1
votes

I am modelling the data of my application to use DynamoDB. My data model is rather simple:

  • I have users and projects
  • Each user can have multiple projects

Users can be millions, project per users can be thousands.

My access pattern is also rather simple:

  1. Get a user by id
  2. Get a list of paginated users sorted by name or creation date
  3. Get a project by id
  4. get projects by user sorted by date

My single table for this data model is the following:

enter image description here

I can easily implement all my access patterns using table PK/SK and GSIs, but I have issues with number 2. According to the documentation and best practices, to get a sorted list of paginated users:

  • I can't use a scan, as sorting is not supported
  • I should not use a GSI with a PK that would put all my users in the same partition (e.g. GSI PK = "sorted_user", SK = "name"), as that would make my single partition hot and would not scale
  • I can't create a new entity of type "organisation", put all users in there, and query by PK = "org", as that would have the same hot partition issue as above

I could bucket users and use write sharding, but I don't really know how I could practically query paginated sorted users, as bucket PKs would need to be possibly random, and I would have to query all buckets to be able to sort all users together. I also thought that bucket PKs could be alphabetical letters, but that could crated hot partitions as well, as the letter "A" would probably be hit quite hard.

My application model is rather simple. However, after having read all docs and best practices and watched many online videos, I find myself stuck with the most basic use case that DynamoDB does not seem to be supporting well. I suppose it must be quite common to have to get lists of users in some sort of admin panel for practically any modern application.
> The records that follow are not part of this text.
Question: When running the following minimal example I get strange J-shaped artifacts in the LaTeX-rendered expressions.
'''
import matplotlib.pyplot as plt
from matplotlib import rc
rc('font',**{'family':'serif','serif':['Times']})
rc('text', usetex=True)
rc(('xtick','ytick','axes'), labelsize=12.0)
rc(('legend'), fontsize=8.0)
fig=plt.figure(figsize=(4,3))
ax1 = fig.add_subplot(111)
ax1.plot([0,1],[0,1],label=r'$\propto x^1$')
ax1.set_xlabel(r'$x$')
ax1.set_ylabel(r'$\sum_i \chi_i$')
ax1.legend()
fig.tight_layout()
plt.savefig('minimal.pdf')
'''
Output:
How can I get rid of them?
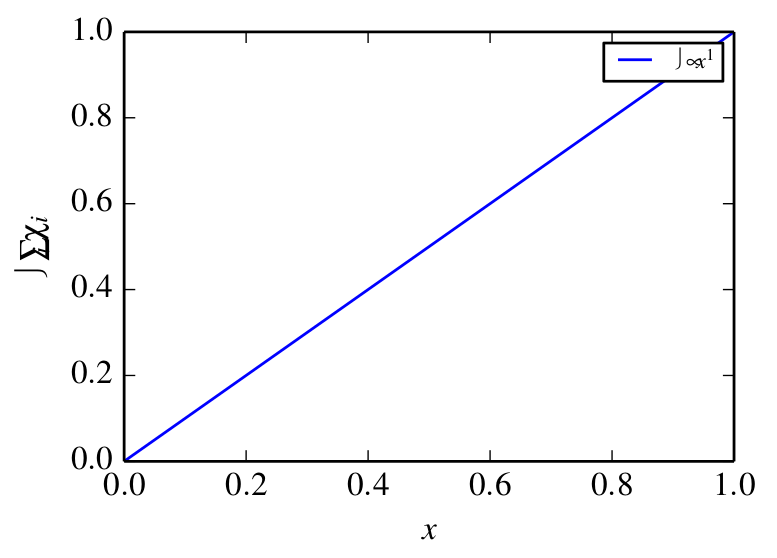
Answer: As Joe Kington pointed out in his comment the way to get rid of the artefacts is to use a font that has the correct symbols.
In the minimal example removal of 'rc('font',**{'family':'serif','serif':['Times']})' fixes the problem.
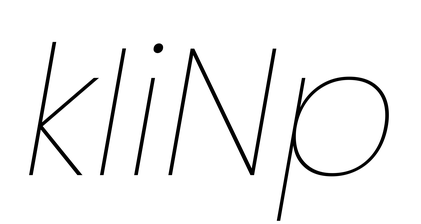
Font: Poppins-ThinItalic
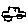
Label: car
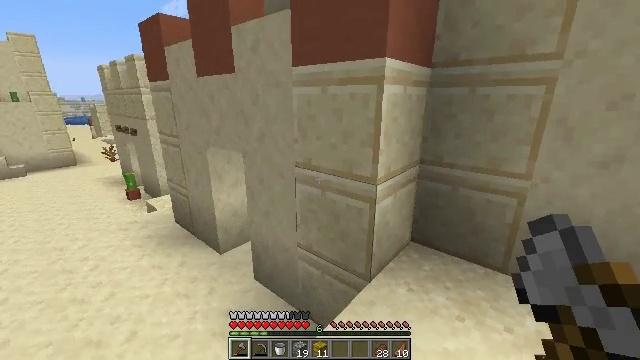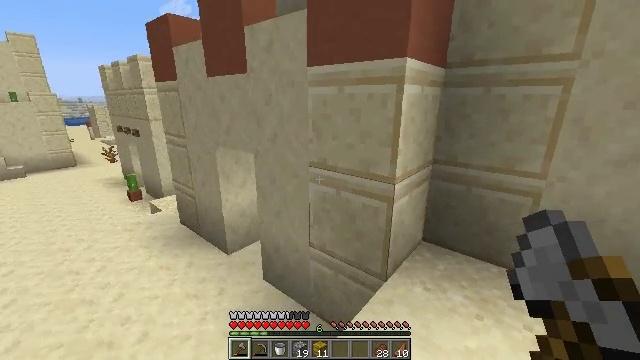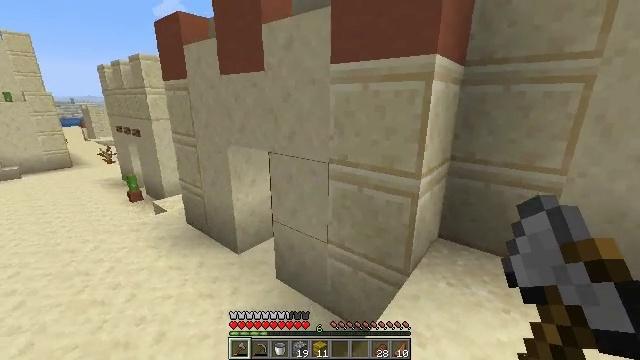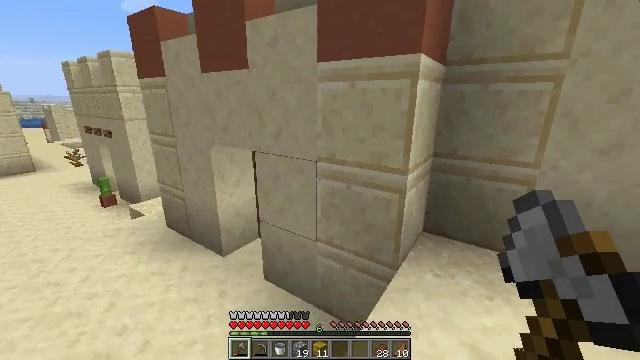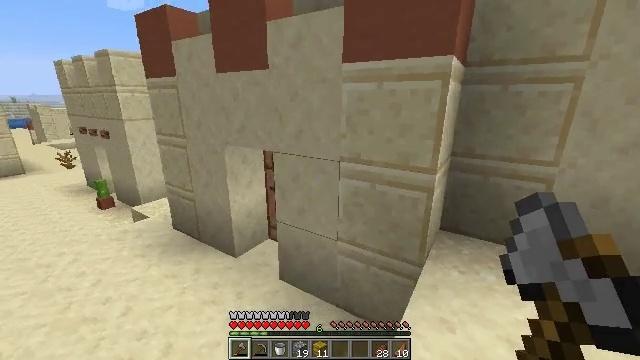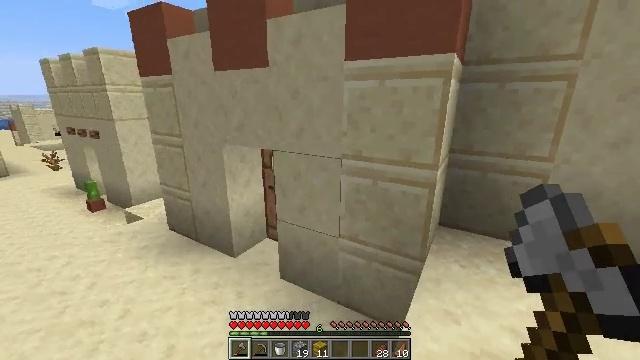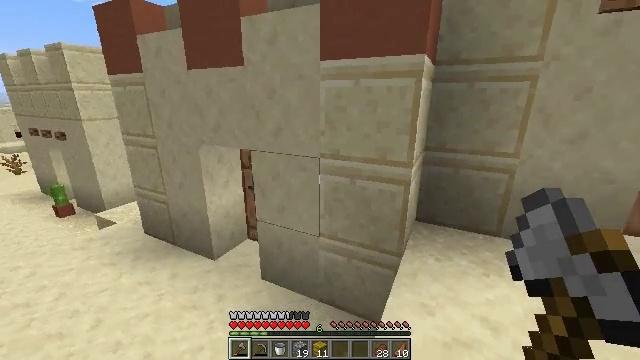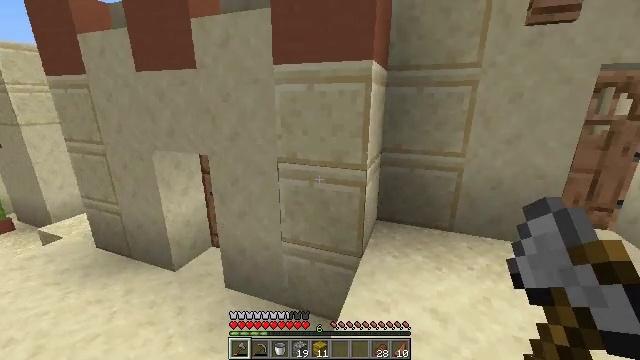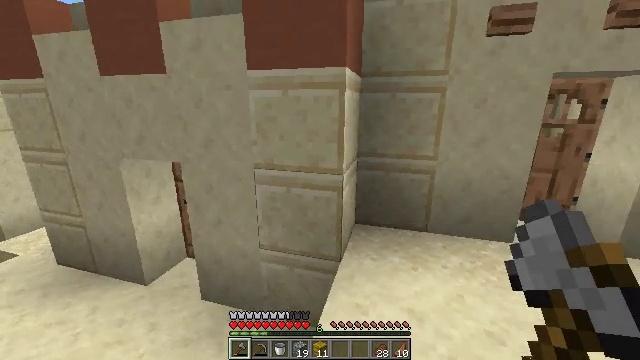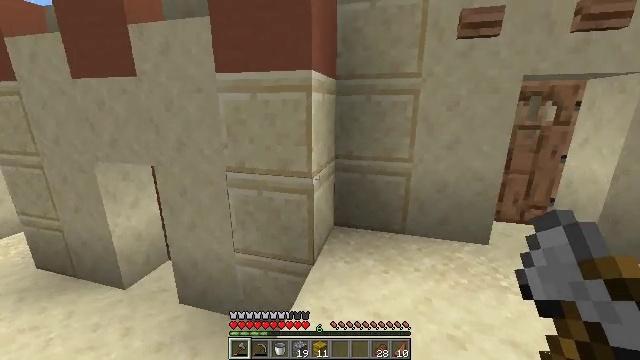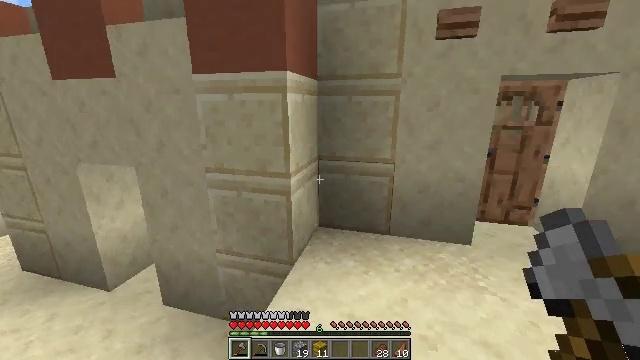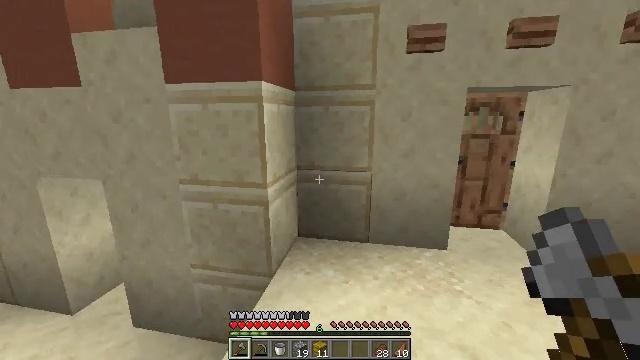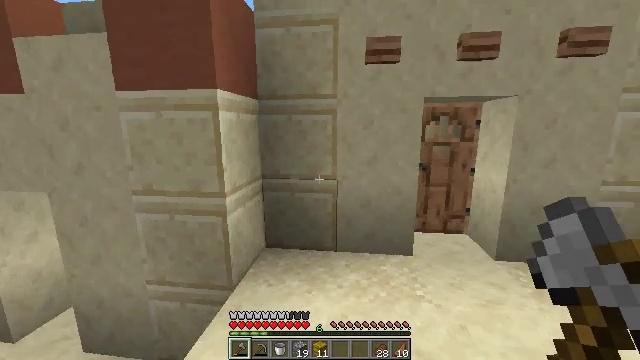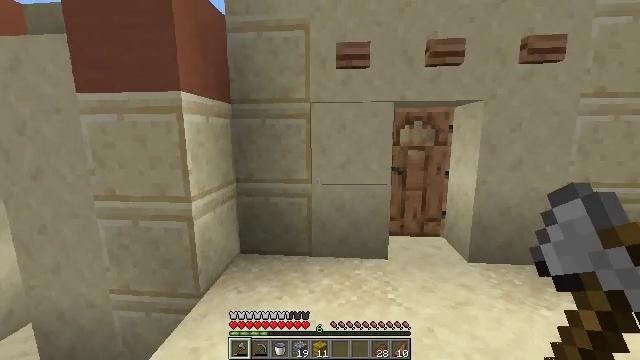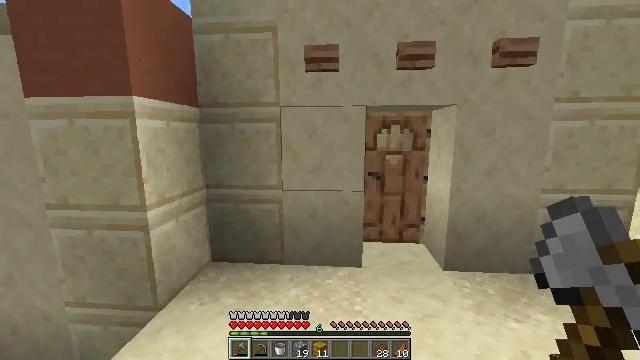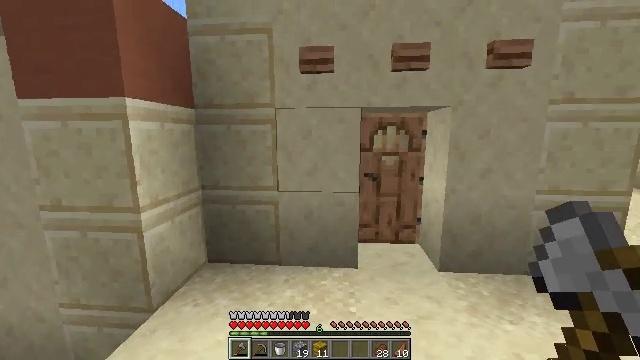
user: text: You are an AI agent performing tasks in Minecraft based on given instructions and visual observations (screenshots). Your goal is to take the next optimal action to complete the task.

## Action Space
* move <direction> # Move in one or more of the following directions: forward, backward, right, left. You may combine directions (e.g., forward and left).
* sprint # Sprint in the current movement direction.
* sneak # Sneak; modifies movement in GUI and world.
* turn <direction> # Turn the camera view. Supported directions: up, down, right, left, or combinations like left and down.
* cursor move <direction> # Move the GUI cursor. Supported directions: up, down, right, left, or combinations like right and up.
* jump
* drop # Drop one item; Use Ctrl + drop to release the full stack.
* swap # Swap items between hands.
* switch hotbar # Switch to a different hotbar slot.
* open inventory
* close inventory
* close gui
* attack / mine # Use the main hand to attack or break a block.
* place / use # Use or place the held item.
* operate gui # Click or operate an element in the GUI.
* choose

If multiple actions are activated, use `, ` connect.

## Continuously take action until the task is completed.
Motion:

What would others would do in this case? I would really want to use DynamoDB for all the benefits that it gives, especially in terms of costs.

Edit

Since I have been asked, in my app the main use case for 2) is something like this: https://stackoverflow.com/users?tab=Reputation&filter=all. As to the sizing, it needs to scale well, at least to the tens of thousands.

1
I'm not sure about the use case for 2), because an Admin-Panel for an app with millions of users that paginates through these seems impractical :-) - maybe there is another way to phrase your requirement that can be implemented more easily while still being sufficient for what you want to do.Maurice
we need two GSIs , one by_name with PK as 'name' , second by_date with PK as created_date and use query operation to paginateBalu Vyamajala
@Maurice, it does not need to be necessarily an admin panel, in my app the main use case is something like this: stackoverflow.com/users?tab=Reputation&filter=all. As to the sizing, it needs to scale well, at least to the tens of thousands.Lorenzo Polidori
@BaluVyamajala, how would this satisfy the access pattern 2)? To use the GSIs you are suggesting, the application would need to know the name and creation date of a user (as being PKs) and query by them. Did you mean SK? In which case, which PK would you use?Lorenzo Polidori

1 Answers

2
votes

I also thought that bucket PKs could be alphabetical letters, but that could create hot partitions as well, as the letter "A" would probably be hit quite hard.

I think this sounds like a reasonable approach.

The US Social Security Administration publishes data about names on its website. You can download the list of name data from as far back as 1879! I stumbled upon a website from data scientist and linguist Joshua Falk that charted the baby name data from the SSA, which can give us a hint of how names are distributed by their first letter.

Name Distribution

Your users may not all be from the US, but this can give us an understanding of how names might be distributed if partitioned by the first letter.

While not exactly evenly distributed, perhaps it's close enough for your use case? If not, you could further distribute the data by using the first two (or three, or four...) letters of the name as your partition key.

1 million names likely amount to no more than a few MBs of data, which isn't very much. Partitioning based on name prefixes seems like a reasonable way to proceed.

You might also consider using a tool like ElasticSearch, which could support your second access pattern and more.